*** Data shown ***

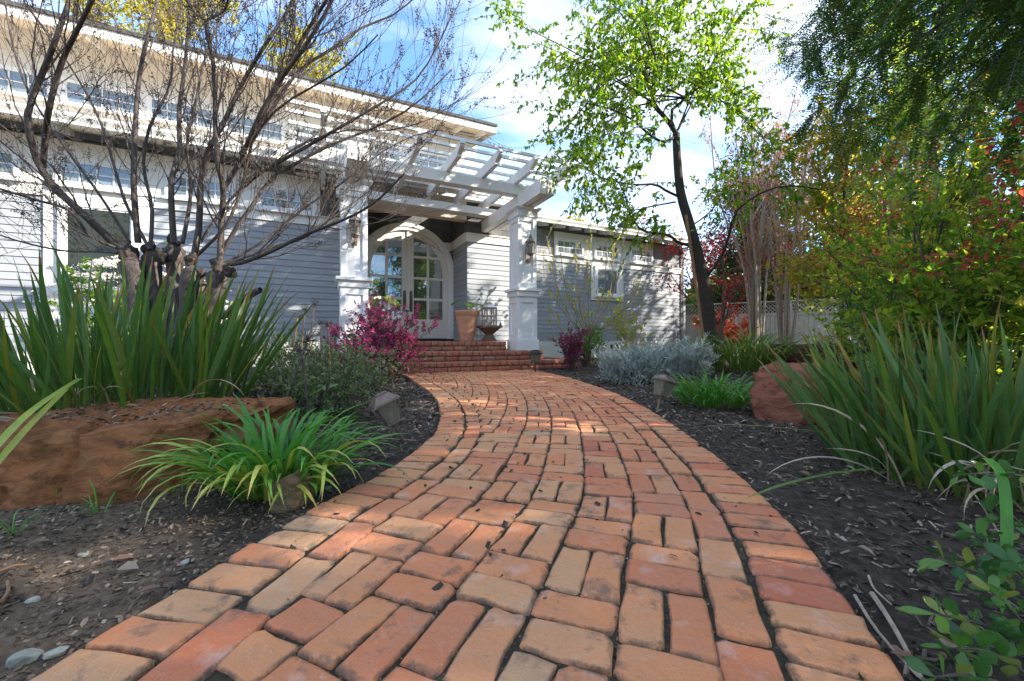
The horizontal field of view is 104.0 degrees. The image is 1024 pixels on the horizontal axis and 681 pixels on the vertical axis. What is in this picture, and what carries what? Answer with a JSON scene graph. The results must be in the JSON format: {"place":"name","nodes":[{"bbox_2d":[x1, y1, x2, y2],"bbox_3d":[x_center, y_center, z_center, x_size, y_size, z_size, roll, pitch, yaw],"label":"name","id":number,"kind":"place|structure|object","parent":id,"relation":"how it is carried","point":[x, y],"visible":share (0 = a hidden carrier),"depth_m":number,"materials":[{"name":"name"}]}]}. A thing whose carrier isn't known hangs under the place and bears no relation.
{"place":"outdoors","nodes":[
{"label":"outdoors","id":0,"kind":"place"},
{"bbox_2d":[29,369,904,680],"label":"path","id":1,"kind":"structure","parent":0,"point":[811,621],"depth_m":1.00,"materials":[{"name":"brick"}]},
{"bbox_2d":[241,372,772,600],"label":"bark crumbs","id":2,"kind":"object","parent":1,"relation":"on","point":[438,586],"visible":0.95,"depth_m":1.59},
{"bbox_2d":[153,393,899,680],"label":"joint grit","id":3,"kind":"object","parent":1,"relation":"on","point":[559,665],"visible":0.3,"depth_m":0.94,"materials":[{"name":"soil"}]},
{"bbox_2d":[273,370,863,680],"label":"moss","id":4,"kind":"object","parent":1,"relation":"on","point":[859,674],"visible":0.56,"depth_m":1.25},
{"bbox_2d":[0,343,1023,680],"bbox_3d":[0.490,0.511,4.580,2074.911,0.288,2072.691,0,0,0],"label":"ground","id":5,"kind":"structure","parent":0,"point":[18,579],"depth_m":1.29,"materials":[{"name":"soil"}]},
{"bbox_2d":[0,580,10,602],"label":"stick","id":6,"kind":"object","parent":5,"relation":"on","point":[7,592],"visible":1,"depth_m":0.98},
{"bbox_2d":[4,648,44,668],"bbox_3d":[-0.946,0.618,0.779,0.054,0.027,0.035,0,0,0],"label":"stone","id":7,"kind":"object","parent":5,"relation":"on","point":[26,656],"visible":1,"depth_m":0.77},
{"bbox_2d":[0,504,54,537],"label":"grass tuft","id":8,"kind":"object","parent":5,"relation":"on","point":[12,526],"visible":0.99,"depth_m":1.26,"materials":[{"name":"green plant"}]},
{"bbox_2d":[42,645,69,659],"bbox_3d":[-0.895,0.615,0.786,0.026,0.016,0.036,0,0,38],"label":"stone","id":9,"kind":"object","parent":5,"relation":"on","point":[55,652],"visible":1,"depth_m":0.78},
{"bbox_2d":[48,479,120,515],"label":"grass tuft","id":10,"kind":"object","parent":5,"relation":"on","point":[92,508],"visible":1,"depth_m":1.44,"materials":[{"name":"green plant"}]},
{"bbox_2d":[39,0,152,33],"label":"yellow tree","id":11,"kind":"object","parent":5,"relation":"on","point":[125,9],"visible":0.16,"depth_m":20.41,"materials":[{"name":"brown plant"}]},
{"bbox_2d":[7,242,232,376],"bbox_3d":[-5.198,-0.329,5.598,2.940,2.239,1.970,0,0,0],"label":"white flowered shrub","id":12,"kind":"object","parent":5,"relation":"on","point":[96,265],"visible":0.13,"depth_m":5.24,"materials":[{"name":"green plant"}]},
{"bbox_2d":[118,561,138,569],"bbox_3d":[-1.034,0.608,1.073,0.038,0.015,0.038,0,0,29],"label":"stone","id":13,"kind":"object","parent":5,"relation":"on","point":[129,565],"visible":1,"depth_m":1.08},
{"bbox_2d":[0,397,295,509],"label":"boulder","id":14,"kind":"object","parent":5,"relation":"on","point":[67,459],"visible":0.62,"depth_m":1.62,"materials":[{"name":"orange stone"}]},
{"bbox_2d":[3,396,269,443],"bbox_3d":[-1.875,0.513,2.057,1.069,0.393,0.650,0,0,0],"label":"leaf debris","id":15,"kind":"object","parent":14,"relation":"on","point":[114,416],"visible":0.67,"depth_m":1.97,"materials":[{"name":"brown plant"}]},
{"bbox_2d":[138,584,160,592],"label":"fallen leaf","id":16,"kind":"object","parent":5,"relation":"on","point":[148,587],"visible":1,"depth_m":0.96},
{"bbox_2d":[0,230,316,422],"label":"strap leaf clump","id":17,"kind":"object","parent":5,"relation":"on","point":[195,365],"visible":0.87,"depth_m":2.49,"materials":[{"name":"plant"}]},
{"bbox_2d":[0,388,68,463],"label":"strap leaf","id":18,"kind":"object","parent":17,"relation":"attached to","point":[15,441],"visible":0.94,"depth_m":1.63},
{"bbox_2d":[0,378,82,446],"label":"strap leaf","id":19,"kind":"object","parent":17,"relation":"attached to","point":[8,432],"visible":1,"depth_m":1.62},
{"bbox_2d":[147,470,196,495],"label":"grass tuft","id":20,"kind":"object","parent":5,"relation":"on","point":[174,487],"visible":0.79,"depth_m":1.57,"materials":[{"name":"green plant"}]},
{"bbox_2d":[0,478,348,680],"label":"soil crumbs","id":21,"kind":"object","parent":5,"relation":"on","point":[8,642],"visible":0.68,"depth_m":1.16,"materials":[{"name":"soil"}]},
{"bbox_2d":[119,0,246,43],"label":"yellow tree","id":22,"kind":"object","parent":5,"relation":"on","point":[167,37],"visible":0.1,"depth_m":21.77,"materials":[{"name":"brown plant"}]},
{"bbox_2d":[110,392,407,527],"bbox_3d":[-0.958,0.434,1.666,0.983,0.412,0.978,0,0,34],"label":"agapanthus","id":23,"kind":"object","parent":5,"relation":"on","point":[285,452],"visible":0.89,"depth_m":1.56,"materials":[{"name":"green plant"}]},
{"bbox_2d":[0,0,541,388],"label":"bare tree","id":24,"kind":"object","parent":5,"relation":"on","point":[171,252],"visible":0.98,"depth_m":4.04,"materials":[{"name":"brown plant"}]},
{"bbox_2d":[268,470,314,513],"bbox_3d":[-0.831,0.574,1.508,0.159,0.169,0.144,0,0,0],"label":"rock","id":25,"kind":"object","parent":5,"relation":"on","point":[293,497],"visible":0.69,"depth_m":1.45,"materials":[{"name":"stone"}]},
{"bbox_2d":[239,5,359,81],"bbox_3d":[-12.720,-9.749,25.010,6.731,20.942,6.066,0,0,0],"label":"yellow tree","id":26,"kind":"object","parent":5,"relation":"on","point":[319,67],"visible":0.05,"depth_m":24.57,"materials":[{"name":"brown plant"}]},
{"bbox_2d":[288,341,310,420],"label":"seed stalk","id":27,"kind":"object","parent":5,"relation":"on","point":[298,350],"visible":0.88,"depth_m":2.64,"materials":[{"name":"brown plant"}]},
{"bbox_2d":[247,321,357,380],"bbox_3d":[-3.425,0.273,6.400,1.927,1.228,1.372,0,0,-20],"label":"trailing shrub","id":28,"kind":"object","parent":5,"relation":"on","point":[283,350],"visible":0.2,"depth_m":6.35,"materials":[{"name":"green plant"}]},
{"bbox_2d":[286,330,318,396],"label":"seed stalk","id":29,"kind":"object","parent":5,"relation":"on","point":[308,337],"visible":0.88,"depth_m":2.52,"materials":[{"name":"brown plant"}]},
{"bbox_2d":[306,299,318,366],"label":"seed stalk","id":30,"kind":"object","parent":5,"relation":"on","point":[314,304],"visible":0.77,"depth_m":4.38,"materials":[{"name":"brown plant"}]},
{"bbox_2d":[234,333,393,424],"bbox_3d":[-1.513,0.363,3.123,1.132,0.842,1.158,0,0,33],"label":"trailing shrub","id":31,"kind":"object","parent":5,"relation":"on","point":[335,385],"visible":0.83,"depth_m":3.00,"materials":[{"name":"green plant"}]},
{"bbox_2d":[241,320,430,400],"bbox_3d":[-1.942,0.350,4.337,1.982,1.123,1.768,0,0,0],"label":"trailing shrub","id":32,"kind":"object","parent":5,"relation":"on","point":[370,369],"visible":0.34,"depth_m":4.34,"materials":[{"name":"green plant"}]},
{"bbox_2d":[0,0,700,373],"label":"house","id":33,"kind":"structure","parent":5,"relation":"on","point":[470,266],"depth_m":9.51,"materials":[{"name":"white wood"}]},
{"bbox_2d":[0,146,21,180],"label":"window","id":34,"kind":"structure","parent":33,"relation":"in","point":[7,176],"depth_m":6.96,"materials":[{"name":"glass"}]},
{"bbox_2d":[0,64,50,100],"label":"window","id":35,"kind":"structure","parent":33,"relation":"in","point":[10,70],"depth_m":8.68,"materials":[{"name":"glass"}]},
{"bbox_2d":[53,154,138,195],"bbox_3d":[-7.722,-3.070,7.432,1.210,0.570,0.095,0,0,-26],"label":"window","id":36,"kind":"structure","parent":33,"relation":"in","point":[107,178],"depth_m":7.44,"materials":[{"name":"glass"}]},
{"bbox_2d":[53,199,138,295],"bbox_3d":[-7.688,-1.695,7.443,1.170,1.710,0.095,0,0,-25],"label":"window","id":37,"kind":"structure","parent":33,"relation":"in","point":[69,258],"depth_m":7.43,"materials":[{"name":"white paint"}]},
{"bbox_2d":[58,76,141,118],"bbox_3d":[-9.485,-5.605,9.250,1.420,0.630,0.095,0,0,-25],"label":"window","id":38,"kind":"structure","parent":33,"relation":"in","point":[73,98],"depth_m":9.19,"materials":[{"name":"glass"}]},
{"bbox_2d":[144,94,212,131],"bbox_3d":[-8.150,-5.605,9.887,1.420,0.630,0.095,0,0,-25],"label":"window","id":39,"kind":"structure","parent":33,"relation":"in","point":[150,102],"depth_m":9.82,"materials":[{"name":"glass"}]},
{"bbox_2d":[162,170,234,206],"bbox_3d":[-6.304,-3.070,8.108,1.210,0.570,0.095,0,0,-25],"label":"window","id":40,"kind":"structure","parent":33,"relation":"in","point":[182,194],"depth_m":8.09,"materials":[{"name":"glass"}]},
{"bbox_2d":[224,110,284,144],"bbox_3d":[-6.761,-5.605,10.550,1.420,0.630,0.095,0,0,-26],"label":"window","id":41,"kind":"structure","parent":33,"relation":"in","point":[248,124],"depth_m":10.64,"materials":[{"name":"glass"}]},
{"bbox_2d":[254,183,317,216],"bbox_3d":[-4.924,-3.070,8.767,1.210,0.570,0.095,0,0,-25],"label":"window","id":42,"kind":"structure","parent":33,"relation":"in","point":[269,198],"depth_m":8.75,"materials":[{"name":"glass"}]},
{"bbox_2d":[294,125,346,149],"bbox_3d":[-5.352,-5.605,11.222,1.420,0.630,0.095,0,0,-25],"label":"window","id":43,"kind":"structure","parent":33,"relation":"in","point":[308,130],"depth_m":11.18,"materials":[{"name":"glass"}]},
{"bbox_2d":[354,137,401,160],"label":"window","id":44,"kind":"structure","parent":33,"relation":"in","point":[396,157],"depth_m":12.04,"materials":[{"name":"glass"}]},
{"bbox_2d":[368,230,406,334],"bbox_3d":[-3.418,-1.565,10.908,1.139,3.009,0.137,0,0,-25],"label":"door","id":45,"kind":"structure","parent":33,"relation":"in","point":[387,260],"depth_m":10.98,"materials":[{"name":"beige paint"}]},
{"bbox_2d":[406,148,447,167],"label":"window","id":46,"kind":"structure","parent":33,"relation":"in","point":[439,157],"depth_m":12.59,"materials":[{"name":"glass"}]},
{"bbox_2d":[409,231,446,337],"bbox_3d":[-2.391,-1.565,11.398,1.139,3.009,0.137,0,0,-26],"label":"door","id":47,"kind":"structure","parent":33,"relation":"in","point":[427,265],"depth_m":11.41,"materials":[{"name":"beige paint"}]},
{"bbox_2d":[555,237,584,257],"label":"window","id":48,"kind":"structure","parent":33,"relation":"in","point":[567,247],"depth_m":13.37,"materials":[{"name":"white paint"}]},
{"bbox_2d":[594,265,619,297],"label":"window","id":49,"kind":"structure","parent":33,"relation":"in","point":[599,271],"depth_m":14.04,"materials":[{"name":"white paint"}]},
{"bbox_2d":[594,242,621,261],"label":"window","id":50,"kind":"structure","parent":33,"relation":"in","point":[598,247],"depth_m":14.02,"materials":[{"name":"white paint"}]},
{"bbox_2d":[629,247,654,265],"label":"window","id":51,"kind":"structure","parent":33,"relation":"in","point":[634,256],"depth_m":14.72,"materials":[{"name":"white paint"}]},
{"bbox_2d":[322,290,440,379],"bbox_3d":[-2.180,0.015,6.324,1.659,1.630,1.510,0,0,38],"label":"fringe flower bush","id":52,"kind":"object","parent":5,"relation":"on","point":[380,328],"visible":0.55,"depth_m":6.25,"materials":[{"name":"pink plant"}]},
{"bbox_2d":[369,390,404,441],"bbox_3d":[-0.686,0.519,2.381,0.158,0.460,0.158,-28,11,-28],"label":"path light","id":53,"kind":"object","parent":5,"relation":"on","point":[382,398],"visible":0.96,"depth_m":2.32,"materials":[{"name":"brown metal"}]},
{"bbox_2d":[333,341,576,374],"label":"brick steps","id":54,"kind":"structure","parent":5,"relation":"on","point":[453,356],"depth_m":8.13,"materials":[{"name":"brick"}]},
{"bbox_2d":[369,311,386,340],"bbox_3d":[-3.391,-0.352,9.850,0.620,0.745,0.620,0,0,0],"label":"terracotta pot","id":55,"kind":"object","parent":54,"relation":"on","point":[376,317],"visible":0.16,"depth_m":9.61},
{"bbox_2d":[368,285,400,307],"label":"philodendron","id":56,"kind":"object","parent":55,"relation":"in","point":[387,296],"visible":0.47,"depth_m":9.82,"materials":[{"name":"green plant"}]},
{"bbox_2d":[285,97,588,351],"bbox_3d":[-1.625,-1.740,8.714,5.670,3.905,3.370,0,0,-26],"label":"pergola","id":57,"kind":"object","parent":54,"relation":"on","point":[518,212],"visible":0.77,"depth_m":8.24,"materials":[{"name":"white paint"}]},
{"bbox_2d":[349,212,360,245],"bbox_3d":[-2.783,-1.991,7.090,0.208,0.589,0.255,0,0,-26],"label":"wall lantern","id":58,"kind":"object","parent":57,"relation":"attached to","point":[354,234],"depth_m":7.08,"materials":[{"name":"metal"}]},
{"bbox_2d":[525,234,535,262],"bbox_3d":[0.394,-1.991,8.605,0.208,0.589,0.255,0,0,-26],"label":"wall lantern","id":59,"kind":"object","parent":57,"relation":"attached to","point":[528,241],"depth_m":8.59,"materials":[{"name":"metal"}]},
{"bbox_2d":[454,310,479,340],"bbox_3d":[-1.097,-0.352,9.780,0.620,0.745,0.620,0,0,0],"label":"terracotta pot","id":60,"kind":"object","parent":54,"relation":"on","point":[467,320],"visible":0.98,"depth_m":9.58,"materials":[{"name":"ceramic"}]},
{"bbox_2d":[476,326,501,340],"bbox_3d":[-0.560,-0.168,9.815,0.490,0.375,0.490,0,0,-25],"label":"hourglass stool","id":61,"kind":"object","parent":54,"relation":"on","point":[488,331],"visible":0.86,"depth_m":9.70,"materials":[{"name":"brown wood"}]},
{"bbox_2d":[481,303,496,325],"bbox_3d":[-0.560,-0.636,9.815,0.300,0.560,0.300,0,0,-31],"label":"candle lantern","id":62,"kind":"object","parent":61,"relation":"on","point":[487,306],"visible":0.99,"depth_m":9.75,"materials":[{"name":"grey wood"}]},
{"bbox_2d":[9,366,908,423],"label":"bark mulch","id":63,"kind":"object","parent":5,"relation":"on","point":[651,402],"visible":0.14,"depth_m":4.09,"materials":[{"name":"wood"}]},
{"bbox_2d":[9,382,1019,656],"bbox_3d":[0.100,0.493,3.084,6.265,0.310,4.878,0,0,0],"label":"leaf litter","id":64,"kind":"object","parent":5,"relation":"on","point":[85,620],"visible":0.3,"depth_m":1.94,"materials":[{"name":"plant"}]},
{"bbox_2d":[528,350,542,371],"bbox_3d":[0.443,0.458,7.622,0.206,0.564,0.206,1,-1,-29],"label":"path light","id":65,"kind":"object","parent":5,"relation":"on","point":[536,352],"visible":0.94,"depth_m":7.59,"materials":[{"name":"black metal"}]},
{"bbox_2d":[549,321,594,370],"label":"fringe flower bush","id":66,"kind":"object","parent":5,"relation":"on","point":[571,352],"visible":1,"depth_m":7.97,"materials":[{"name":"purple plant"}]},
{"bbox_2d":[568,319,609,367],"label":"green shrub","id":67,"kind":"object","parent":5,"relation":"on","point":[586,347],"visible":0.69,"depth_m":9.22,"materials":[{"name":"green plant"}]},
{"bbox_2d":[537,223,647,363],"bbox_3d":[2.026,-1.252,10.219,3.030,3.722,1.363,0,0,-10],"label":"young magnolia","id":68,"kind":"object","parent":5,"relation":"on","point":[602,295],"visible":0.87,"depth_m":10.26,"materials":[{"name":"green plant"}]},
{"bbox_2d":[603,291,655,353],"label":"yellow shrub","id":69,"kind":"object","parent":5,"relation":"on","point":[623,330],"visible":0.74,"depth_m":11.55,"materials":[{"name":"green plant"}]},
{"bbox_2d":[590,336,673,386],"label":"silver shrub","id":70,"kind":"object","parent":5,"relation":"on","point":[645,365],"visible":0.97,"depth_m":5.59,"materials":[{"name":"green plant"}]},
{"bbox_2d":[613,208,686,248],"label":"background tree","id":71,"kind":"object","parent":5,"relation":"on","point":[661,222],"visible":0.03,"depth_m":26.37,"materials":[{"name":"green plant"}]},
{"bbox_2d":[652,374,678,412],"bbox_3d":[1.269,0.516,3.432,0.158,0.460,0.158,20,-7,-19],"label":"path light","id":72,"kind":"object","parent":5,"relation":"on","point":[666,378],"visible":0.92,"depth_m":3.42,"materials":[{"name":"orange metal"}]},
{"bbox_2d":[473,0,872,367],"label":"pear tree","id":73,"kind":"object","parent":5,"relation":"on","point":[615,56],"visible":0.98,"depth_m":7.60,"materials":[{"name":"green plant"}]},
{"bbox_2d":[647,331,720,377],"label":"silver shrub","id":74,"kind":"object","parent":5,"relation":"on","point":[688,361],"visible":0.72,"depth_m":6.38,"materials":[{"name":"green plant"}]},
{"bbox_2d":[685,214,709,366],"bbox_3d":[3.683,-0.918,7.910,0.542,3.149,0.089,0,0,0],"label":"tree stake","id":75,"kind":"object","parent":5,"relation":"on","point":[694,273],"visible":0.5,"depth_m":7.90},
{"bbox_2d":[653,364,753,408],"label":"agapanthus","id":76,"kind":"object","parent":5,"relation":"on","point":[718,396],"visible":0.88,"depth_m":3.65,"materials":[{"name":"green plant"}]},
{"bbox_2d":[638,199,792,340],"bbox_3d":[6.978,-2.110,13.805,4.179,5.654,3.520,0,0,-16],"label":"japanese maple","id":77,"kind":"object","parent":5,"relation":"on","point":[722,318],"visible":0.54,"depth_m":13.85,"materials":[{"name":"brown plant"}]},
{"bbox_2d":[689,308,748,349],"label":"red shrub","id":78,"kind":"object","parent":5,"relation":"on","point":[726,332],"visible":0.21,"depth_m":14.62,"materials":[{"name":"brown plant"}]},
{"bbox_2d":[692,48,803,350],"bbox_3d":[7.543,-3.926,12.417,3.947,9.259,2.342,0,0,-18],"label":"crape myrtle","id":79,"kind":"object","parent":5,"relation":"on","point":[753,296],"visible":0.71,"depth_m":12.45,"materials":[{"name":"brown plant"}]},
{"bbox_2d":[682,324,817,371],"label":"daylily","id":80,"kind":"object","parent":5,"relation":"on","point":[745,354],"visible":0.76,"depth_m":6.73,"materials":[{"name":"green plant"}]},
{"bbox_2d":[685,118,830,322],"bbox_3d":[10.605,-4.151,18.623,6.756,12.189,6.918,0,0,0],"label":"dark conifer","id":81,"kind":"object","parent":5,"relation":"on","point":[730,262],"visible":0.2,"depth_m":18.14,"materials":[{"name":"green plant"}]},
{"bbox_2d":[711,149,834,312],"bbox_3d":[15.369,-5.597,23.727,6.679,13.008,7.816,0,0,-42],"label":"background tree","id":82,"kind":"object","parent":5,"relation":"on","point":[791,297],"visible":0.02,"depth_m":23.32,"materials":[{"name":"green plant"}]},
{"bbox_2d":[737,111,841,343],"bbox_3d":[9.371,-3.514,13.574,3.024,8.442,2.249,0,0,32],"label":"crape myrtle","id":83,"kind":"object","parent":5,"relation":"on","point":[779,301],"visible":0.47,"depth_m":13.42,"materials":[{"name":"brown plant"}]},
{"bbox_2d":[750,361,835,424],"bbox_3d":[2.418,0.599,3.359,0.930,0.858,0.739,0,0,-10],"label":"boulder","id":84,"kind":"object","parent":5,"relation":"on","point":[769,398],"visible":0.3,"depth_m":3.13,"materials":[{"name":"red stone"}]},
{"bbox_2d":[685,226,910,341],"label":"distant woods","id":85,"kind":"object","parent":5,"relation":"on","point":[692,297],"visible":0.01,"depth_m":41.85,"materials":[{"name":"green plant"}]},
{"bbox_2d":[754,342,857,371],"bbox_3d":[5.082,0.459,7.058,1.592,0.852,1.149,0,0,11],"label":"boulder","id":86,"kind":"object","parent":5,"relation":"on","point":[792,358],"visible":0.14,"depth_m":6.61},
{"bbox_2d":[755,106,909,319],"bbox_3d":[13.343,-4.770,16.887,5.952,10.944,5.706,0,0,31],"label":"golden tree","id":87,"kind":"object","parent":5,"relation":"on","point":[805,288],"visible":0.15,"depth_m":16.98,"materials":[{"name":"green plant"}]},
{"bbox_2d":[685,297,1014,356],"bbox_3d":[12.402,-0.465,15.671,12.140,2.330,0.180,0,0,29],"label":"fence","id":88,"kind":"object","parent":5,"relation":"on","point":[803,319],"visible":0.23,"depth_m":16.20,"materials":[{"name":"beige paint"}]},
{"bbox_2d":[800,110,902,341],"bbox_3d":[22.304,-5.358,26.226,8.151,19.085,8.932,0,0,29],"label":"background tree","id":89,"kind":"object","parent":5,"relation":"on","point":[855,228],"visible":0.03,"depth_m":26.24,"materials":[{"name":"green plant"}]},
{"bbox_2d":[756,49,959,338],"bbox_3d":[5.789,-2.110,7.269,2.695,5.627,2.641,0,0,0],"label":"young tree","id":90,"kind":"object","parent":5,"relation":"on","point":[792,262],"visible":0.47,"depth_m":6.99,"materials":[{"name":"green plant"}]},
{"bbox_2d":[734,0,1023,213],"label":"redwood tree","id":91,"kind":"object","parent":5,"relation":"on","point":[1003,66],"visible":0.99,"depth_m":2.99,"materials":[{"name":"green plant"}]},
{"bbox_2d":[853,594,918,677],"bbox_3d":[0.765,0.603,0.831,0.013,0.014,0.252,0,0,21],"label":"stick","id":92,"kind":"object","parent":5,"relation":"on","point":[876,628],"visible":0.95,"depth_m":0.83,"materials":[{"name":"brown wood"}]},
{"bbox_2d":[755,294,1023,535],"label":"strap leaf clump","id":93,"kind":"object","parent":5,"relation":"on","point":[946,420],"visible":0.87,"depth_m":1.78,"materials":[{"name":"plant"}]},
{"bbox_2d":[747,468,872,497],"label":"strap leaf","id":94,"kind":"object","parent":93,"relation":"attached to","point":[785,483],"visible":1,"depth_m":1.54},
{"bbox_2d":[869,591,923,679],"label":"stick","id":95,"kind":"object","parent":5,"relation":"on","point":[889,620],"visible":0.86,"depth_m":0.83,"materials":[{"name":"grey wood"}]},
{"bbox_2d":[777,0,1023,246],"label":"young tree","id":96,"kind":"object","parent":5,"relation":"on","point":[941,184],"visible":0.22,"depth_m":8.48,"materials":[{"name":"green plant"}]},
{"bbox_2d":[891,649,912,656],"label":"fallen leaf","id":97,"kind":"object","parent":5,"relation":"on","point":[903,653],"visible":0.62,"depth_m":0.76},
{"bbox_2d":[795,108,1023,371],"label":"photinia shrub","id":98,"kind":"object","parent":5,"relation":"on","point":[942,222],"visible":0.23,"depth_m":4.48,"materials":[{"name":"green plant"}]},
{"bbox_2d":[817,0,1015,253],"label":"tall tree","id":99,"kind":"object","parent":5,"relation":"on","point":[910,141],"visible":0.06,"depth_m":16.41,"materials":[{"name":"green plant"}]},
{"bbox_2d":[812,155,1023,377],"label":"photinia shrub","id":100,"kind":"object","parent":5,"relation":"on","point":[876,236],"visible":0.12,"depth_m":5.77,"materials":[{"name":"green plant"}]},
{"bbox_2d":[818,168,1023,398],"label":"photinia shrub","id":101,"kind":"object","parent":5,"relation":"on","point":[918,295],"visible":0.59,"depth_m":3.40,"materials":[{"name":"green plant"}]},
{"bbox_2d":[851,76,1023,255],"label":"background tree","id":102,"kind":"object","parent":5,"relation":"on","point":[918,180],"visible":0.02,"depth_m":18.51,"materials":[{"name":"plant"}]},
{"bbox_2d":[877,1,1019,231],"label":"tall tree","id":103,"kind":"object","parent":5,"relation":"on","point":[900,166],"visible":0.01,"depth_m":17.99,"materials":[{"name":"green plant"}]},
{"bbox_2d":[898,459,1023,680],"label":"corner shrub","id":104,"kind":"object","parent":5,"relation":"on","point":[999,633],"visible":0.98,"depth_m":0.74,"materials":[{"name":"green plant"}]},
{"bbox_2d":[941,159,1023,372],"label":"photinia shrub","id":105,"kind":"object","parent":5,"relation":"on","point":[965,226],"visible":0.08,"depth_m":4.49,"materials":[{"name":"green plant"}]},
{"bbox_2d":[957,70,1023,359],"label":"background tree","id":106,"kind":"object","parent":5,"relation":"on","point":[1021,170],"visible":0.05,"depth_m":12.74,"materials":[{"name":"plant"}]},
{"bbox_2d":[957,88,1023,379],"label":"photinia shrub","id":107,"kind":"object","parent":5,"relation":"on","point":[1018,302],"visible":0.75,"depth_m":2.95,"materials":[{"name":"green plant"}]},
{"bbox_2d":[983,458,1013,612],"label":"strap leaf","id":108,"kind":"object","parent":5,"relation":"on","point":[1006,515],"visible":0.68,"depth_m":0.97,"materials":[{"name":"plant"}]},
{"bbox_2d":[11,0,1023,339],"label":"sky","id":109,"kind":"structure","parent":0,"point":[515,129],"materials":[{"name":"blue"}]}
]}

***

Find each line in the data above with the word "outdoors", then copy it.

Your solution:
{"place":"outdoors","nodes":[
{"label":"outdoors","id":0,"kind":"place"},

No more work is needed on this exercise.